[WHAT YOU WILL DO]: Quote all lines below exactly. Images stay out.
══ LISTED ENTRIES ══
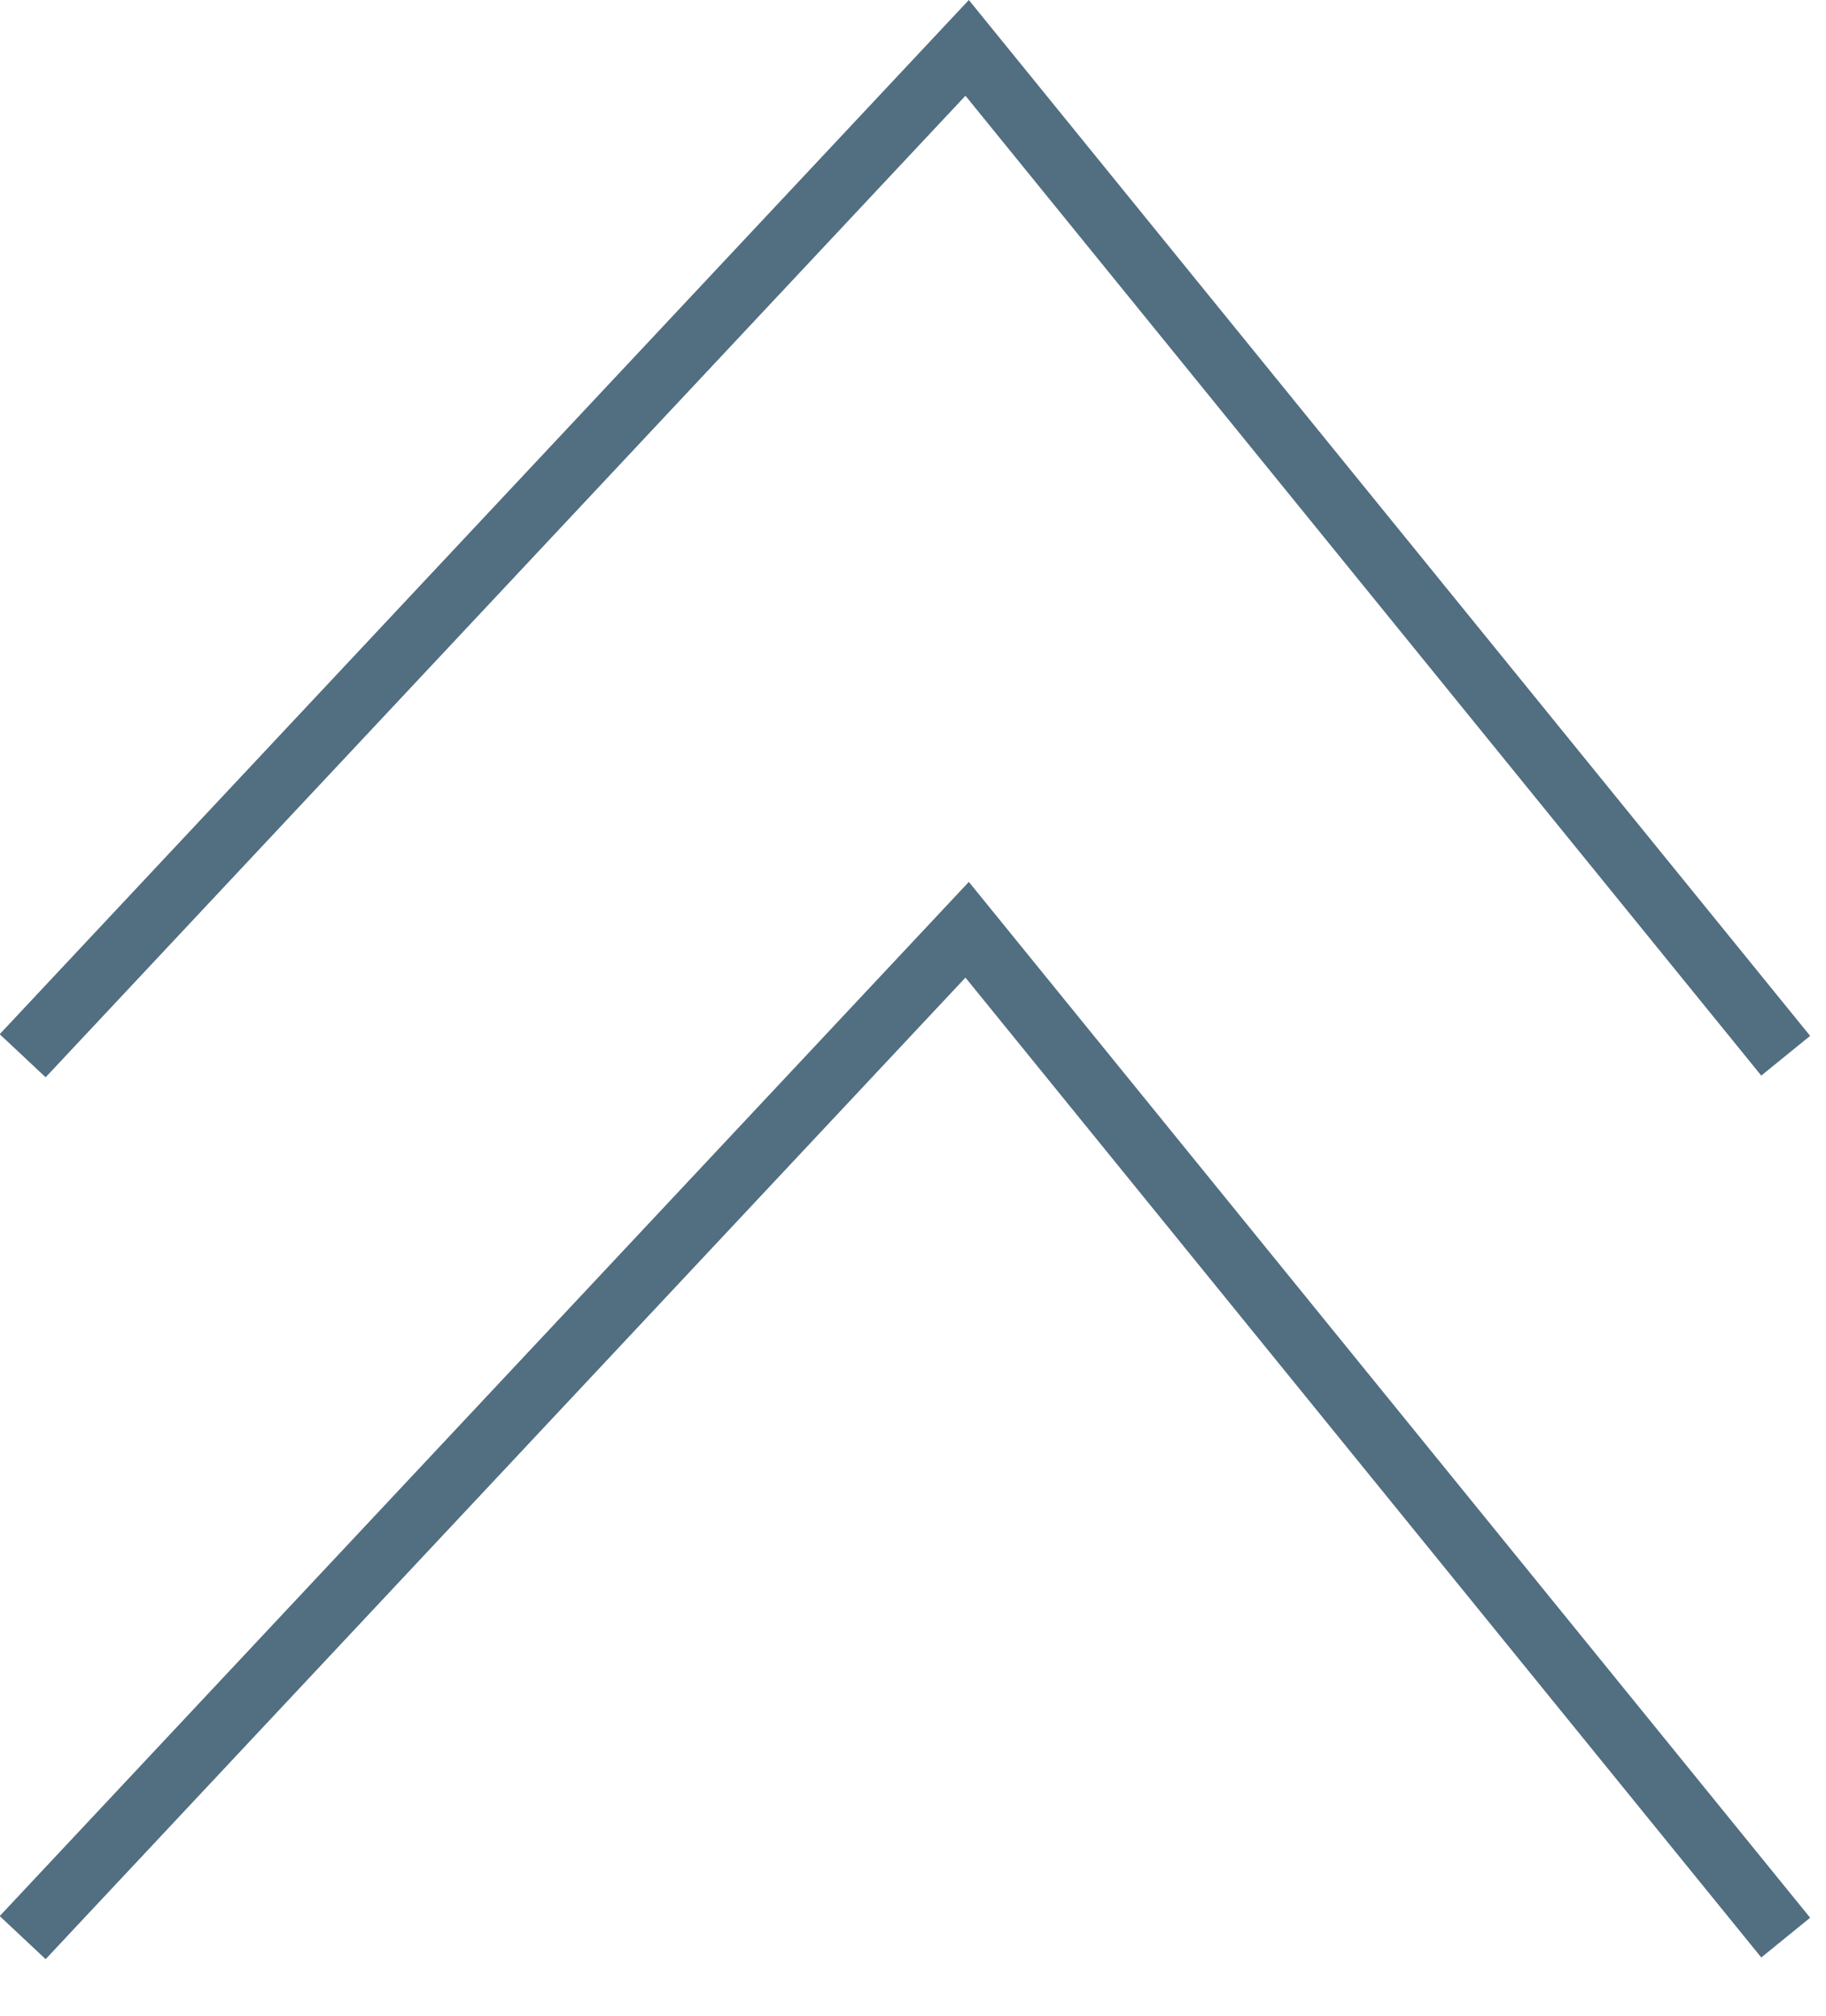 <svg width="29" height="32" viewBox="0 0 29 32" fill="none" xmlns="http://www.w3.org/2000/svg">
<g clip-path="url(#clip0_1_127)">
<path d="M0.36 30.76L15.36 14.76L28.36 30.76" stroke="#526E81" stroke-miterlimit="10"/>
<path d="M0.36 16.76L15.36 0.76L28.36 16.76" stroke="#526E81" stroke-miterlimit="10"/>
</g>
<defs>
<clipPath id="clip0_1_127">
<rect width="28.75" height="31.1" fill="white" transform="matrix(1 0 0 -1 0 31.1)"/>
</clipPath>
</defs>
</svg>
═══
[WRITTEN SOLUTION]:
 <svg width="29" height="32" viewBox="0 0 29 32" fill="none" xmlns="http://www.w3.org/2000/svg">
<g clip-path="url(#clip0_1_127)">
<path d="M0.36 30.76L15.36 14.76L28.36 30.76" stroke="#526E81" stroke-miterlimit="10"/>
<path d="M0.36 16.76L15.36 0.76L28.36 16.76" stroke="#526E81" stroke-miterlimit="10"/>
</g>
<defs>
<clipPath id="clip0_1_127">
<rect width="28.75" height="31.1" fill="white" transform="matrix(1 0 0 -1 0 31.1)"/>
</clipPath>
</defs>
</svg>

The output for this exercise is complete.